_TASK PROMPT:_ Please write out, exactly, every line of the listing from its first line through the one that includes "A sans-serif font".

_INFORMATION GIVEN:_
▶

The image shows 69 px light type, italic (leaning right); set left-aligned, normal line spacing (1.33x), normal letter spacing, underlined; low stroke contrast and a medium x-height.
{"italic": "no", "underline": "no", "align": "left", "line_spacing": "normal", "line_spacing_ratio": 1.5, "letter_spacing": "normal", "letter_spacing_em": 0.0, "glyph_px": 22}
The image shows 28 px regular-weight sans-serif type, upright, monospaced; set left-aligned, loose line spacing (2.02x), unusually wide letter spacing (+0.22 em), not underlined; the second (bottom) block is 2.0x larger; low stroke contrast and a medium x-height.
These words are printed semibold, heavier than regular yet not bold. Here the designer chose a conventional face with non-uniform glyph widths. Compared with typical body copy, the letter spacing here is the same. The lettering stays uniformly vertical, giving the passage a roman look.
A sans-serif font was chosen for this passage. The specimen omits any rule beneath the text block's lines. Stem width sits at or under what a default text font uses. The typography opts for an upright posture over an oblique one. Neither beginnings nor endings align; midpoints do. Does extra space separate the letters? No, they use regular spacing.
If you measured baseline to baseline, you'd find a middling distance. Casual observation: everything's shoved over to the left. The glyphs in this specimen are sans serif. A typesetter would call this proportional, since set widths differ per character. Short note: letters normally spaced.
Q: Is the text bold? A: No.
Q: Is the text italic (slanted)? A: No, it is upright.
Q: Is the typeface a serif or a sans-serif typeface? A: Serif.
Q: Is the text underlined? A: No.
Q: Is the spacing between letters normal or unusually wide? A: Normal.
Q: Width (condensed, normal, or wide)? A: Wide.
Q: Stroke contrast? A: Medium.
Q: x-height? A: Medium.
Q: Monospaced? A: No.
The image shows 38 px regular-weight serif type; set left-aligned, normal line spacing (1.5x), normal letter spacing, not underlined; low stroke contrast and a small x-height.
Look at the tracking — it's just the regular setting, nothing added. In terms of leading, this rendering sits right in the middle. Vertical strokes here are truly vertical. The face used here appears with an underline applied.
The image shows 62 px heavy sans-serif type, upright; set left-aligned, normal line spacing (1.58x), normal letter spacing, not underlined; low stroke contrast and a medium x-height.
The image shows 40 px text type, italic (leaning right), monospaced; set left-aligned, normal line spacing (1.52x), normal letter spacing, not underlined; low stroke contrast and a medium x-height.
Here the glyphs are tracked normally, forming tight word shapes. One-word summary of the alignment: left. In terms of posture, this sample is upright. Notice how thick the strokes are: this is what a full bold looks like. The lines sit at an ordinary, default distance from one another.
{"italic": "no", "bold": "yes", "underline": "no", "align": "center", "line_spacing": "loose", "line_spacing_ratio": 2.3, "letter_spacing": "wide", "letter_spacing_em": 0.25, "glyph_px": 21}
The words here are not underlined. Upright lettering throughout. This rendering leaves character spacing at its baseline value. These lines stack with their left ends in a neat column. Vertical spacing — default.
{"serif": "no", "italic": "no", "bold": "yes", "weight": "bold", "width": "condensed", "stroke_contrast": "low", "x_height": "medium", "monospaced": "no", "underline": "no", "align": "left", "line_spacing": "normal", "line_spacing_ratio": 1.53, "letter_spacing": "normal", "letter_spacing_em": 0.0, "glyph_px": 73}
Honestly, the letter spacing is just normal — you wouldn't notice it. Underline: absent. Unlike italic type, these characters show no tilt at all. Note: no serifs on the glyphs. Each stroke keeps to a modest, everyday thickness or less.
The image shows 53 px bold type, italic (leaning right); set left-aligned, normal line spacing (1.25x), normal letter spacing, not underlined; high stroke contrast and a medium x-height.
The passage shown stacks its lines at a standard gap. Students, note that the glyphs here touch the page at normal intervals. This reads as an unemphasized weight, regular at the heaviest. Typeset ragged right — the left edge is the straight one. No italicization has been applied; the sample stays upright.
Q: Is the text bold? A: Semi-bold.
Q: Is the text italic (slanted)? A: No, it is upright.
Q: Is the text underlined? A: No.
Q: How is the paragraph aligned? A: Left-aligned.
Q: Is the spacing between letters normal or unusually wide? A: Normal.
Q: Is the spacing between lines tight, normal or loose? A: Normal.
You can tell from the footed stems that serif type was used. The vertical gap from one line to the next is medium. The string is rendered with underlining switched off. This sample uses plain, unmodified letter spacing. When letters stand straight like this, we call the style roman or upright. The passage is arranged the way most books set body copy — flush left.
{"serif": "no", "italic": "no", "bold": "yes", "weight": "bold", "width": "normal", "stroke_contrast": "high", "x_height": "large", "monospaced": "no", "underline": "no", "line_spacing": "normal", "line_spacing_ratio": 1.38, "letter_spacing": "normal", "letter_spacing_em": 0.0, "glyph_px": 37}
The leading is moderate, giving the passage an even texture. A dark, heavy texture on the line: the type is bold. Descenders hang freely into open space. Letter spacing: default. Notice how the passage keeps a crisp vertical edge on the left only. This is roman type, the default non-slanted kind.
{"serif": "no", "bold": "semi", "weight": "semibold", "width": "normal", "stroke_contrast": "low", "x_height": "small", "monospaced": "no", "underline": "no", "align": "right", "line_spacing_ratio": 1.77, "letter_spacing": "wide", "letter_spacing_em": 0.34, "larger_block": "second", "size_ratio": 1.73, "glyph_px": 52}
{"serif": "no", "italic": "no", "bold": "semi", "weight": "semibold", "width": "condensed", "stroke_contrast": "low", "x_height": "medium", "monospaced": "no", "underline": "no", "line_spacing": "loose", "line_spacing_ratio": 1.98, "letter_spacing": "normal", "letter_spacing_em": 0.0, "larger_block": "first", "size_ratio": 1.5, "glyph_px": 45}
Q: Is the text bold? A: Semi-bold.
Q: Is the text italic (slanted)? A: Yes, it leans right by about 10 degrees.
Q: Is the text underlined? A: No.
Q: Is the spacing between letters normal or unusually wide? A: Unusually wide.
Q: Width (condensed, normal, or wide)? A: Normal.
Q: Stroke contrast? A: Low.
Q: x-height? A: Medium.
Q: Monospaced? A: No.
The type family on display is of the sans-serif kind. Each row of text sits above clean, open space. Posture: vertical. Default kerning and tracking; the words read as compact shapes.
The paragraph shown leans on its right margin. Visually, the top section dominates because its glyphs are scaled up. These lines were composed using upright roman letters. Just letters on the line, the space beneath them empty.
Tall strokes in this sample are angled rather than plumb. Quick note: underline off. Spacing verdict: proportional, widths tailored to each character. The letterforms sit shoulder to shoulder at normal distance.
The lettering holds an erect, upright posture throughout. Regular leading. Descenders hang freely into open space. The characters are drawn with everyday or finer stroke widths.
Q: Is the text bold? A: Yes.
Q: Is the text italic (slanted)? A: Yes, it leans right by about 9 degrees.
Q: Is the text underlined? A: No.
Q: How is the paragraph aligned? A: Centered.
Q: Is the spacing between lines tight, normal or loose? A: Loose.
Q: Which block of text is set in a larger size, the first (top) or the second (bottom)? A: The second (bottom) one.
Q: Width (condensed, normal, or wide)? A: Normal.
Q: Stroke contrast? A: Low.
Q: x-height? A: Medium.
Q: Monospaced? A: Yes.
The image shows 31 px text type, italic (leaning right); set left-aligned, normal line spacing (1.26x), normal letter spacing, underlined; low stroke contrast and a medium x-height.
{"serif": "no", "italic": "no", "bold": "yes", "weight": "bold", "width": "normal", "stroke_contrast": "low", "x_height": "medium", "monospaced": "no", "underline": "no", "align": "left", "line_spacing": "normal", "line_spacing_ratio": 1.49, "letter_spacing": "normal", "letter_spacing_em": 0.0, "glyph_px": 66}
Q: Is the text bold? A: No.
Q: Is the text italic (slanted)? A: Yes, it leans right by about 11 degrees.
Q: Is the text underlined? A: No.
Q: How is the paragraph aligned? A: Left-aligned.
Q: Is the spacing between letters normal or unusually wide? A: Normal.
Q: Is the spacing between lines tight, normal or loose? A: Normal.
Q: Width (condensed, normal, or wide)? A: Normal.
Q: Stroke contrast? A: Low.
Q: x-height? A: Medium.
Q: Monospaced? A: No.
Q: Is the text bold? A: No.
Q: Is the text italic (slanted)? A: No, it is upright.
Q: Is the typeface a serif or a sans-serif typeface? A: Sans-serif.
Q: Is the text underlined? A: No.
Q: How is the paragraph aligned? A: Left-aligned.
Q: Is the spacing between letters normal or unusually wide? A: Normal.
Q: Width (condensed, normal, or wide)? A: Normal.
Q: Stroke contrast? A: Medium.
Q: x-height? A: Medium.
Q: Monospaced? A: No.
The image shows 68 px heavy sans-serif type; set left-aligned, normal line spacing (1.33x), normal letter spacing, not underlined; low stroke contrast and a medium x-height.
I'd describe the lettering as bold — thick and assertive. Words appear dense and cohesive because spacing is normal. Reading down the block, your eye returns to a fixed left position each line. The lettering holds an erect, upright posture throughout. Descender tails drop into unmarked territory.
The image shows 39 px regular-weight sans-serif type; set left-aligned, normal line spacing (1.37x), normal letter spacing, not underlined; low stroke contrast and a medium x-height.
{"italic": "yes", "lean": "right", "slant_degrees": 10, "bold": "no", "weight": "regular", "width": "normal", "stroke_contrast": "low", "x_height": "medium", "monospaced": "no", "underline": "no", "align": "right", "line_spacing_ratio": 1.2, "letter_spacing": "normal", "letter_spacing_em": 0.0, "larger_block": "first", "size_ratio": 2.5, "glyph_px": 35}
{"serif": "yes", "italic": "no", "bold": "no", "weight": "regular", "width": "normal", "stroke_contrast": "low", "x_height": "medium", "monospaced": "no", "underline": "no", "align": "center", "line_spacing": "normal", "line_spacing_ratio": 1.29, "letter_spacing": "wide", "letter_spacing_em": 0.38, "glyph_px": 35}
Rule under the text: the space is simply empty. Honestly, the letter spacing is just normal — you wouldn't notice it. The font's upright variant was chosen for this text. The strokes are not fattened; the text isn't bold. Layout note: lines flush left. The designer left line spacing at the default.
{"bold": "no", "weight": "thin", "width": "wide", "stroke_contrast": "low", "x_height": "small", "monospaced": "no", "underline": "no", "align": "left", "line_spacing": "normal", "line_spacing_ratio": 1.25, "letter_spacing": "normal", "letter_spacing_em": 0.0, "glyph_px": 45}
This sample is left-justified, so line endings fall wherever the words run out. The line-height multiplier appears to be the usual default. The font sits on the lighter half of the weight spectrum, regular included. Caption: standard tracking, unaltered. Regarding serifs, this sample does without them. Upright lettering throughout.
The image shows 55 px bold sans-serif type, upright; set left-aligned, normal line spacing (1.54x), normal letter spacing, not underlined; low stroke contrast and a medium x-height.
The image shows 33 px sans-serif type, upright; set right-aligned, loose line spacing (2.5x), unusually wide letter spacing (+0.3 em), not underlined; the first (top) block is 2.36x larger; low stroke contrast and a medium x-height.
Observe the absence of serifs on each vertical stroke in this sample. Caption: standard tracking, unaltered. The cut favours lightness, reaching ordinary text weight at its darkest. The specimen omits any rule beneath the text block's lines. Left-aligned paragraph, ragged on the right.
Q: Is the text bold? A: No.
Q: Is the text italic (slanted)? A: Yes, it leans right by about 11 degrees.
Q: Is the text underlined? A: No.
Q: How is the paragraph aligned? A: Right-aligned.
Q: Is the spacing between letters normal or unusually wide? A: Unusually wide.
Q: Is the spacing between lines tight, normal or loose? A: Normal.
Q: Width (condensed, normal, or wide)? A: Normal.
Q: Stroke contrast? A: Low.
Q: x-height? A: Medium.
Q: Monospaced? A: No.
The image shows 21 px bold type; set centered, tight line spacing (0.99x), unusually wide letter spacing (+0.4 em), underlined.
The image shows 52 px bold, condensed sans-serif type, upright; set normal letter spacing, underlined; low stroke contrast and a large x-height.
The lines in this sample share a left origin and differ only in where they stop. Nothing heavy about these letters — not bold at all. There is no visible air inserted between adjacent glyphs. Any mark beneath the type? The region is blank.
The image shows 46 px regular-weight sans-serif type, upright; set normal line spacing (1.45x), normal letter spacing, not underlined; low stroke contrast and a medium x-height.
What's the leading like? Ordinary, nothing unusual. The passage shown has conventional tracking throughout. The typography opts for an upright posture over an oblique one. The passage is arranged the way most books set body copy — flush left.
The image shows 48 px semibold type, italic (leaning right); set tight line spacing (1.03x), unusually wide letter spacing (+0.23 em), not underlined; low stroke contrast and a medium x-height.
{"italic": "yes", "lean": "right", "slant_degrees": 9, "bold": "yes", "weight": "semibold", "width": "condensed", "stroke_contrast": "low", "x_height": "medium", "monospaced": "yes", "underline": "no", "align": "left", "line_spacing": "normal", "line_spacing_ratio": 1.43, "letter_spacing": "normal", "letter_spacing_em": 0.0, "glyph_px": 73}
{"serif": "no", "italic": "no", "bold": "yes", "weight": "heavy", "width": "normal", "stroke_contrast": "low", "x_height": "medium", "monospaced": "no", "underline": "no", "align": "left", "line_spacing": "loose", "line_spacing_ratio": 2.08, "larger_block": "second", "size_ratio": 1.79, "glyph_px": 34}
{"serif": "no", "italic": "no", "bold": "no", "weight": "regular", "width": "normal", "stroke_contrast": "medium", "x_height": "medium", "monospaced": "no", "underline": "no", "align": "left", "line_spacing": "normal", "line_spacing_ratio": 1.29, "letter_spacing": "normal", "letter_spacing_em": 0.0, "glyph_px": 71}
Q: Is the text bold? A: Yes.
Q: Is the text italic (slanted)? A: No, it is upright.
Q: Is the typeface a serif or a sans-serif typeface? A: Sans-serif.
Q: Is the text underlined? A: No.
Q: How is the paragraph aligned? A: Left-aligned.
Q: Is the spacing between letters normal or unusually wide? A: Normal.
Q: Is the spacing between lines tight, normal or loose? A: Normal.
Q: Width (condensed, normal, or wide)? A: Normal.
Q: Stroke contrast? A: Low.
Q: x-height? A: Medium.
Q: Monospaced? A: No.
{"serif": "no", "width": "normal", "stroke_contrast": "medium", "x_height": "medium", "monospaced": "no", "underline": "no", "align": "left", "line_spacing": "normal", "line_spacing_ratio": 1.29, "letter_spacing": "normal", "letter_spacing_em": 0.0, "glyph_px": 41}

◀

_RESPONSE BOX:_
The image shows 69 px light type, italic (leaning right); set left-aligned, normal line spacing (1.33x), normal letter spacing, underlined; low stroke contrast and a medium x-height.
{"italic": "no", "underline": "no", "align": "left", "line_spacing": "normal", "line_spacing_ratio": 1.5, "letter_spacing": "normal", "letter_spacing_em": 0.0, "glyph_px": 22}
The image shows 28 px regular-weight sans-serif type, upright, monospaced; set left-aligned, loose line spacing (2.02x), unusually wide letter spacing (+0.22 em), not underlined; the second (bottom) block is 2.0x larger; low stroke contrast and a medium x-height.
These words are printed semibold, heavier than regular yet not bold. Here the designer chose a conventional face with non-uniform glyph widths. Compared with typical body copy, the letter spacing here is the same. The lettering stays uniformly vertical, giving the passage a roman look.
A sans-serif font was chosen for this passage. The specimen omits any rule beneath the text block's lines. Stem width sits at or under what a default text font uses. The typography opts for an upright posture over an oblique one. Neither beginnings nor endings align; midpoints do. Does extra space separate the letters? No, they use regular spacing.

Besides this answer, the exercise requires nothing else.